Wednesday, December 12, 2018

Batman Annual #3 Review


Every Time He Calls...

Written by: Tom Taylor
Art by: Otto Schmidt and A Larger World's Troy Peteri
Cover Price: $4.99
Release Date: December 12, 2018

It's Annual time even though it wasn't an Annuals Week, but we get Tom Taylor on Batman so I am in!  I have been begging for this Tom to be on Batman for a very long time and I will take all I can get.  So, how is this Alfred-centric issue?  Let's find out...



The issue starts with Alfred getting the dreaded call that Thomas and Martha have been shot.  I usually roll my eyes the more and more we get this scene, but seeing it through Alfred's eyes makes it way more fresh than I thought it would.  It also sets up the issue by giving us some honest to goodness character moments between Alfred and Bruce that pays off big time by the end.



Back in the present, Batman is doing kickass Batman stuff while Alfred goes about his mansion duties.  This is where the issue really shines as Taylor shows the reader all the little things that Alfred must do for Bruce...because he is Batman.  Without forcing it, we are shown that Alfred is the glue that holds it all together.
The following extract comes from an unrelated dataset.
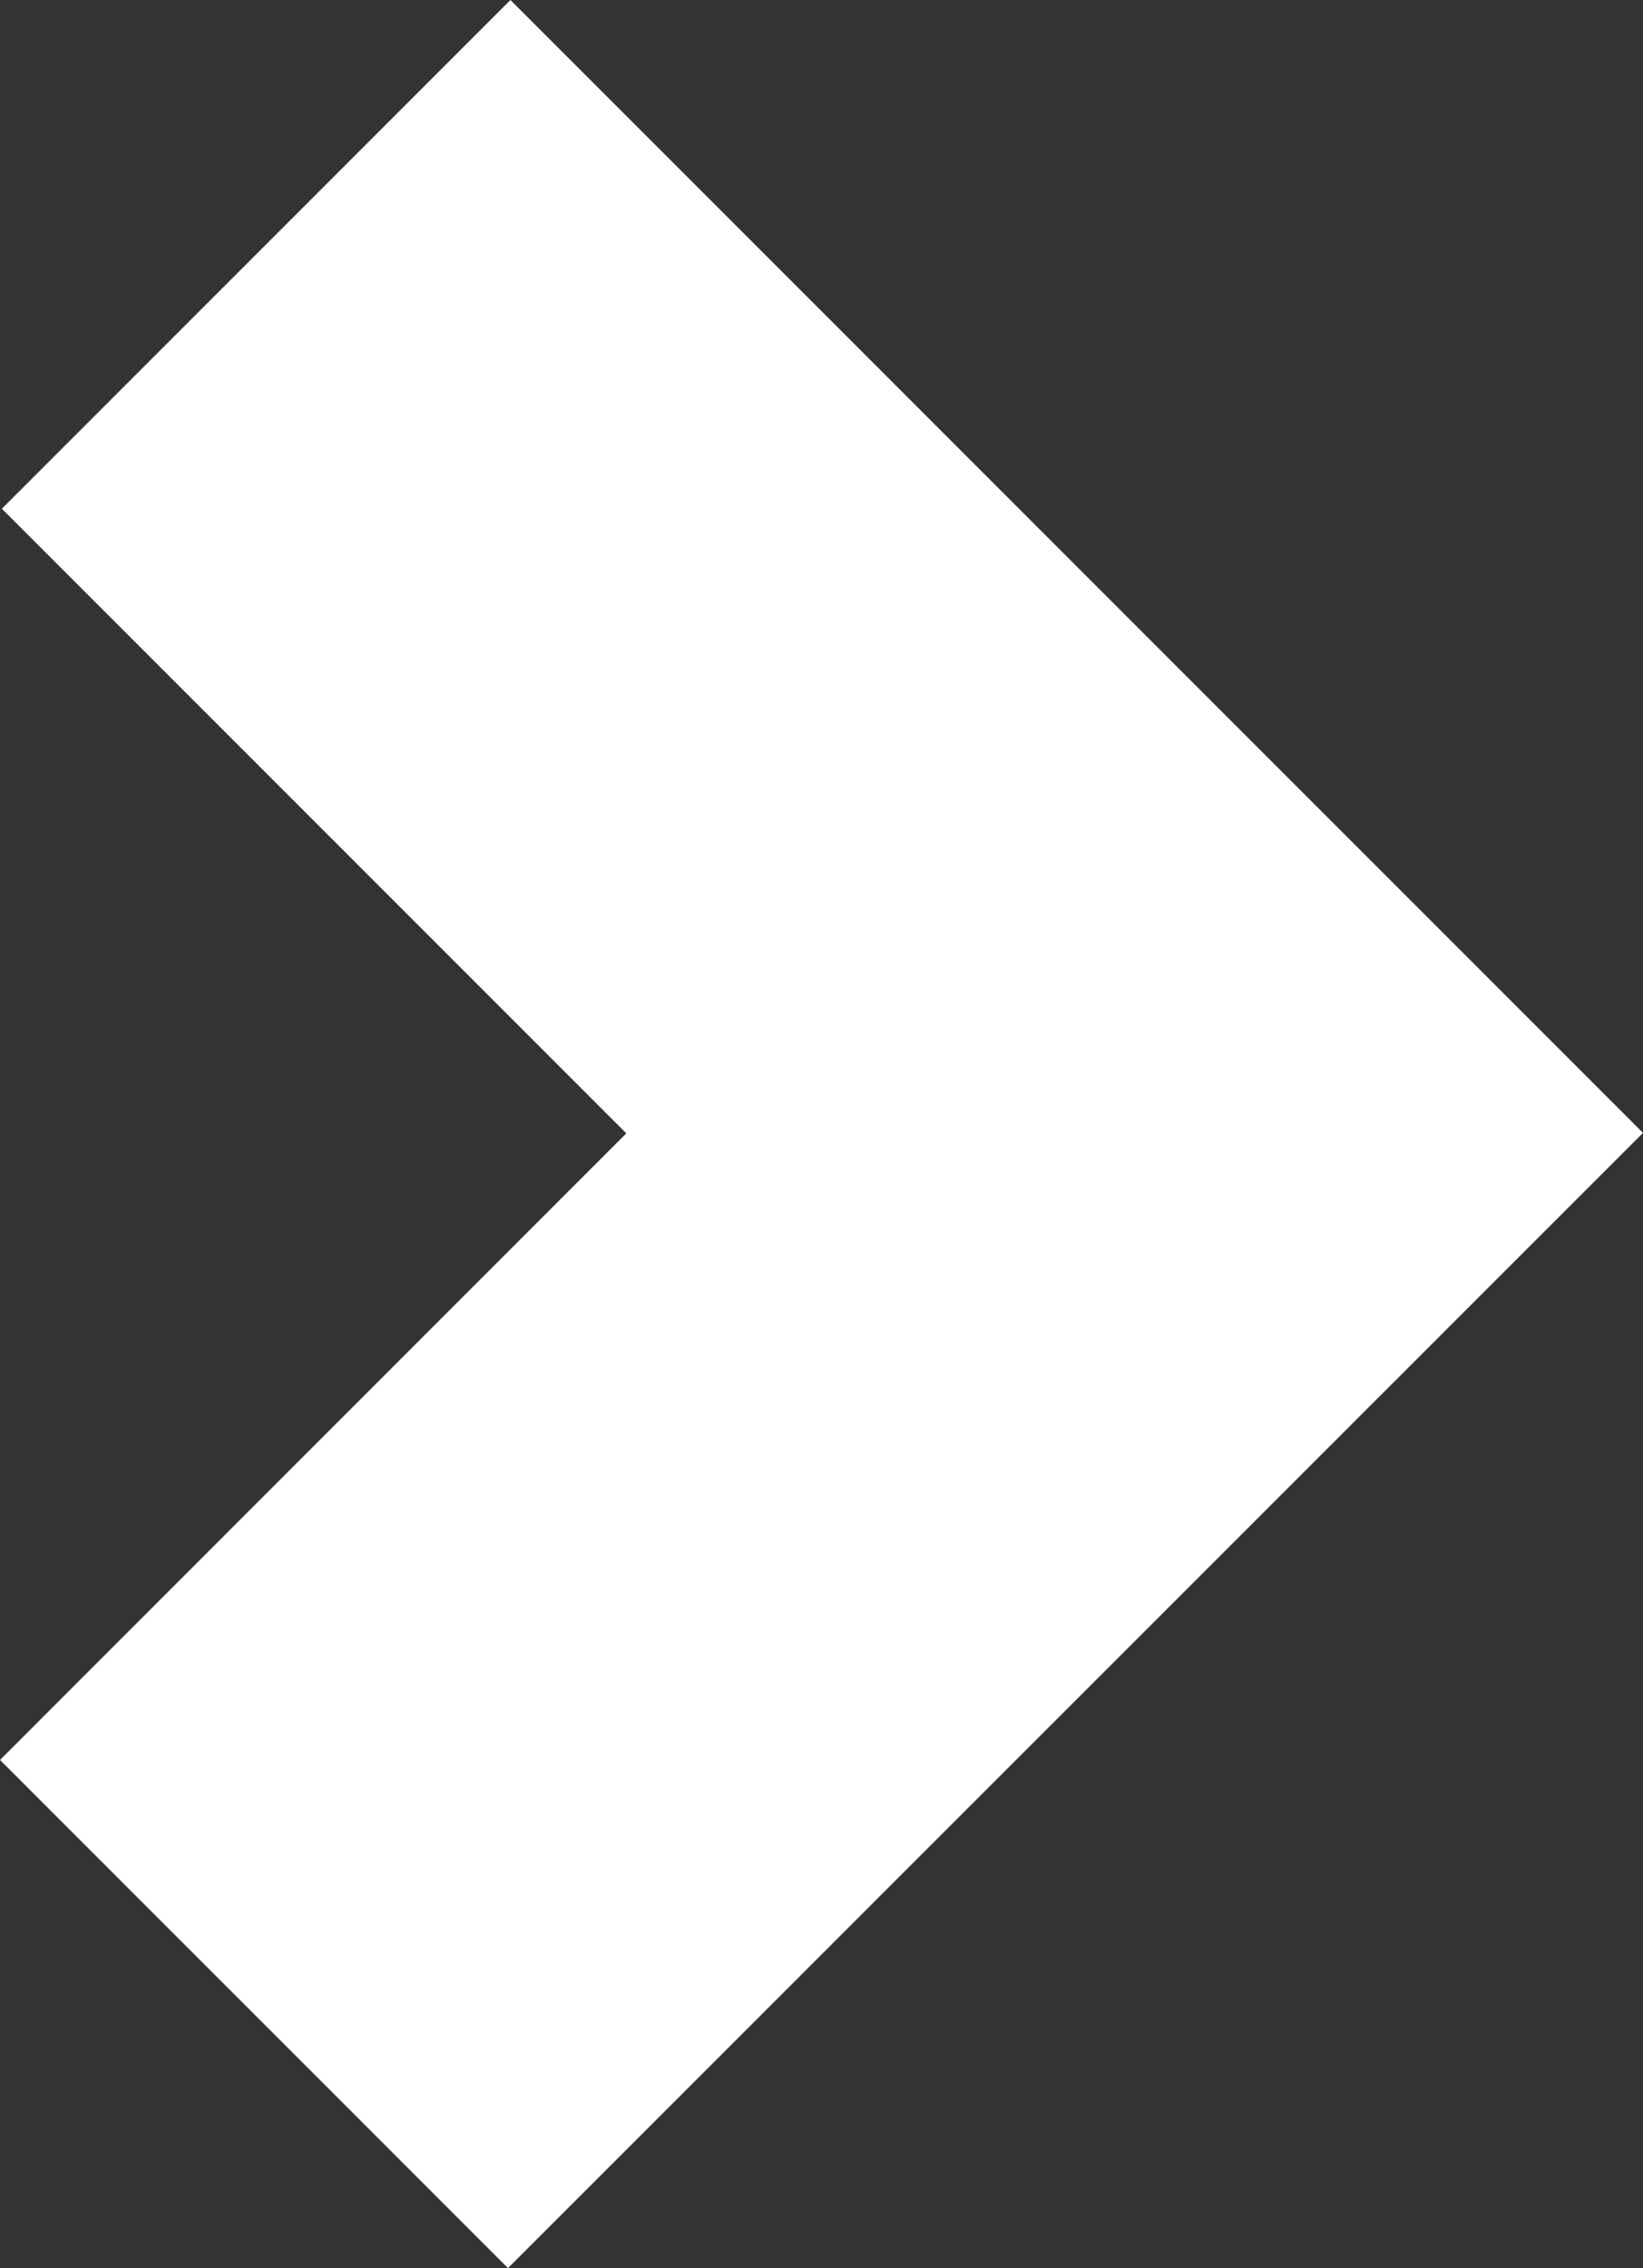 <svg xmlns="http://www.w3.org/2000/svg" viewBox="0 0 141.24 194.92"><rect x="0" y="0" width="141.24" height="194.92" fill="#333333" stroke="none"/><defs><style>.cls-1{fill:#fff;}</style></defs><g id="Calque_2" data-name="Calque 2"><g id="Calque_1-2" data-name="Calque 1"><polygon class="cls-1" points="43.88 0 0.16 43.72 53.84 97.4 0 151.25 43.67 194.92 141.24 97.36 43.88 0"/></g></g></svg>

We do get a pretty good Batman story while all this is going on as well.  A new villain, The Drone, has decided to take his personal misery out on Gotham using undetectable drones...get it?!?  While that is going on, Taylor slips in awesome Alfred moments as well.  Chicken soup in a thermos anyone?



The story continues with The Drone tricking Batman into a fight where he is stabbed in the gut before taking the bad guy down.  That's when we get one of my favorite things...Alfred in the cowl!  Usually, this is for laughs, but here it's for ass kicking!  Some lowlifes end up on the business end of some Pennyworth uppercuts and I don't think you can read this part without smiling.

Tom Taylor continues wowing me with some Batmobile triage and then slips in some big feels when Leslie Tompkins gives Alfred a like father like son talk.  The feels continue as Alfred tells Leslie why he does what he does, but it all is just setting the reader up for the ending.

The issue ends with Bruce getting his turn to worry about Alfred, but also an opportunity to show him that he appreciates everything he does.  It is such a nice moment that isn't forced at all and involves a present that is so simple, but so big in its own way.



I loved this issue.  Yea, it's an Annual with a throwaway villain, but it also has more feels and humanity in thirty some pages than the entire regular run that is often praised for such a thing.  Everything is set up and earned which goes a long way when it comes to pulling at this guy's heartstrings.  Well done Tom, I hope we see you more often!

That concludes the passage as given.